In a first calculation step, the federal government accepted a tightening of tax progression so that the benefits from the reform are not distributed too one-sidedly among high income earners. Specifically, the marginal tax rates would fall slightly for low and middle incomes and rise for higher incomes. In the second calculation step, the federal government then adjusts this basic structure of the tax rate to the targeted goal of the financial consequences.
According to the calculations for the direct federal tax, in the proposed variant with fiscal losses of one billion francs per year, around 53 percent of taxpayers would fare better in both reform variants, and 10 to 12 percent would fare worse. In all income brackets with taxable income, there would be more taxpayers with relief than those with an additional burden. The per capita figures are rather modest – with relief for many of those subject to a two to three-digit franc amount per year. Despite the tariff corrections, in both variants the higher income brackets at the federal level would not only be relieved in absolute terms, but also in percentage terms. The consequences for the cantonal tax burden depend on the measures taken by the cantons.
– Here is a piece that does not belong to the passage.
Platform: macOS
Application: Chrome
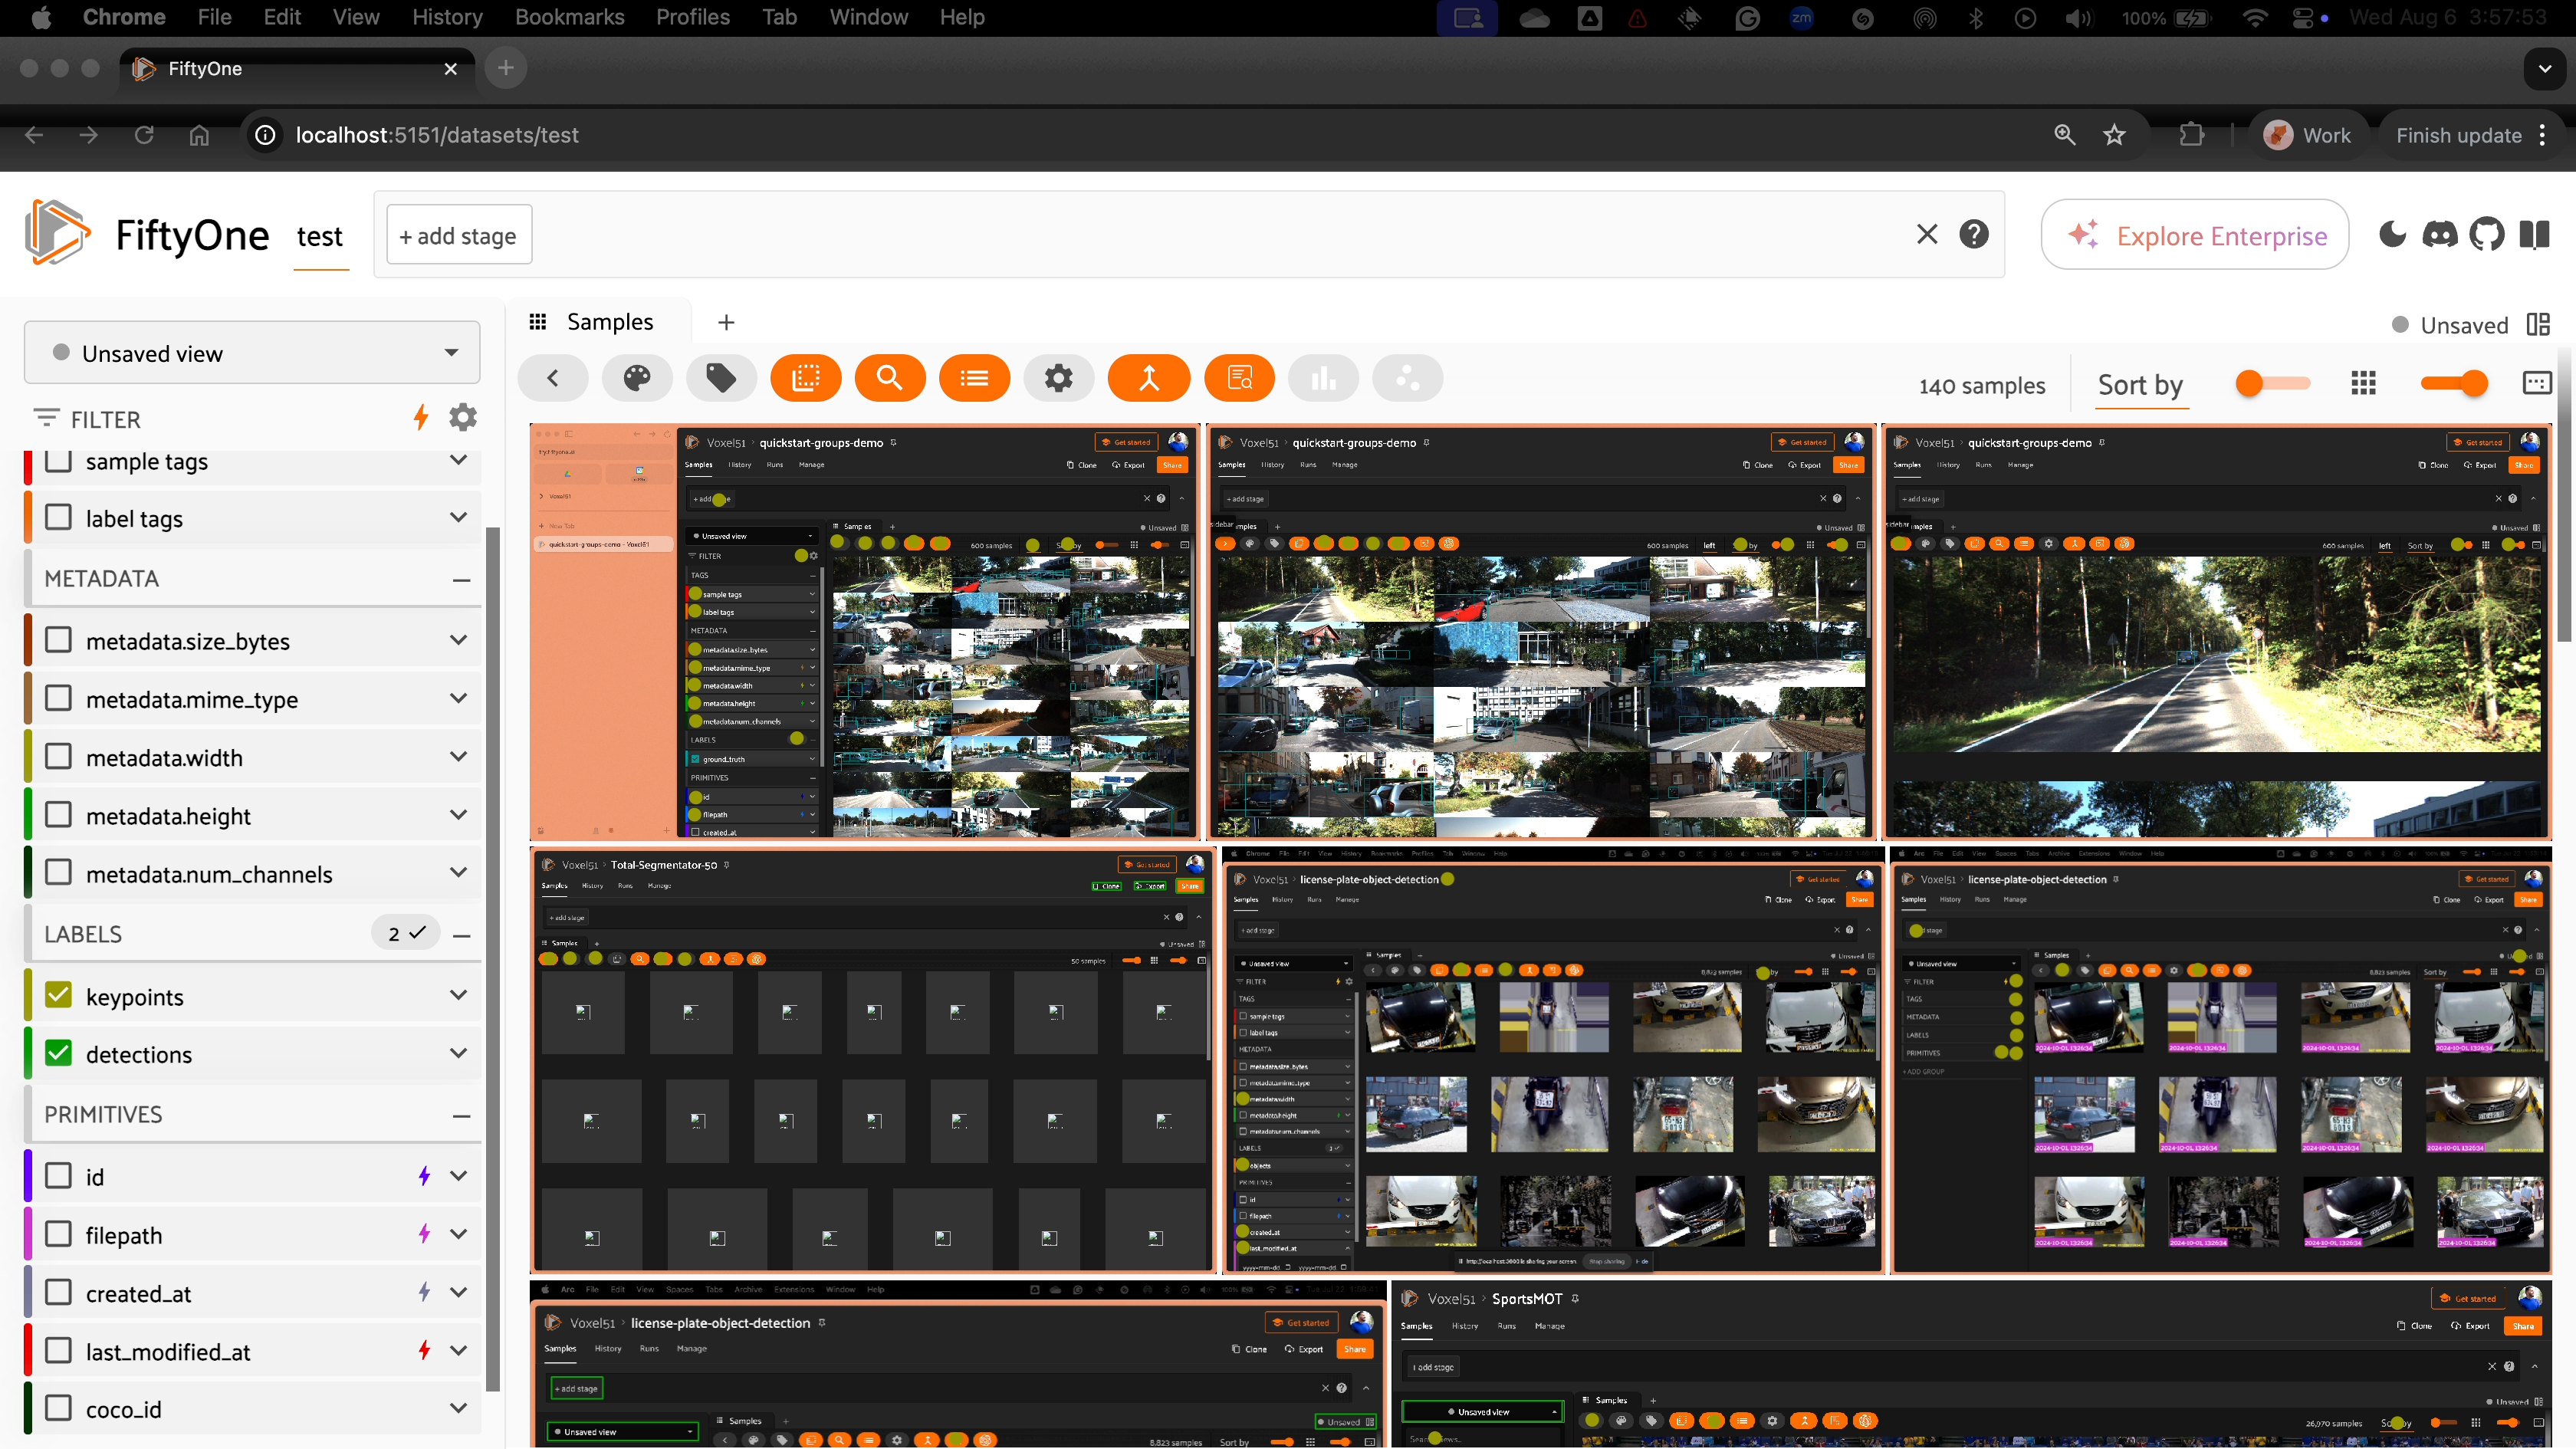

An increase in gainful employment is to be expected, above all due to the reduction in the marginal tax burden for second earners. The federal government expects the direct federal tax reform to have a positive employment effect of the equivalent of almost 3,000 to almost 12,000 full-time jobs; Extrapolated to all levels of government, this could mean an effect of 10,000 to almost 50,000 full-time jobs. Such employment effects are likely to reduce the fiscal losses in the medium term, but will hardly eliminate them completely.
More bonuses than penalties
Of the explanatory report of the Department of Finance contains a surprising punch line. The Federal Tax Administration came under fire after admitting in 2018 that its earlier estimate of the marriage penalty and marriage bonus was wrong. According to the then updated estimate, there were many more married couples with a marriage penalty than with a marriage bonus – the previous estimate had said the opposite. According to an updated federal estimate from 2019, around 700,000 married couples are significantly disadvantaged compared to cohabiting couples when it comes to direct federal taxes, and around 380,000 married couples are clearly advantaged.
And now the picture suddenly looks different again. The latest estimate from the tax administration, based on data for 2018, now says that around 610,000 married couples have a significant tax disadvantage compared to cohabiting couples, and around 670,000 married couples have tax privileges. The postscript should not be missing: “The estimates are subject to considerable uncertainties.” However, according to the status of the current conjectures, there will be no marriage penalty in the direct federal tax on balance.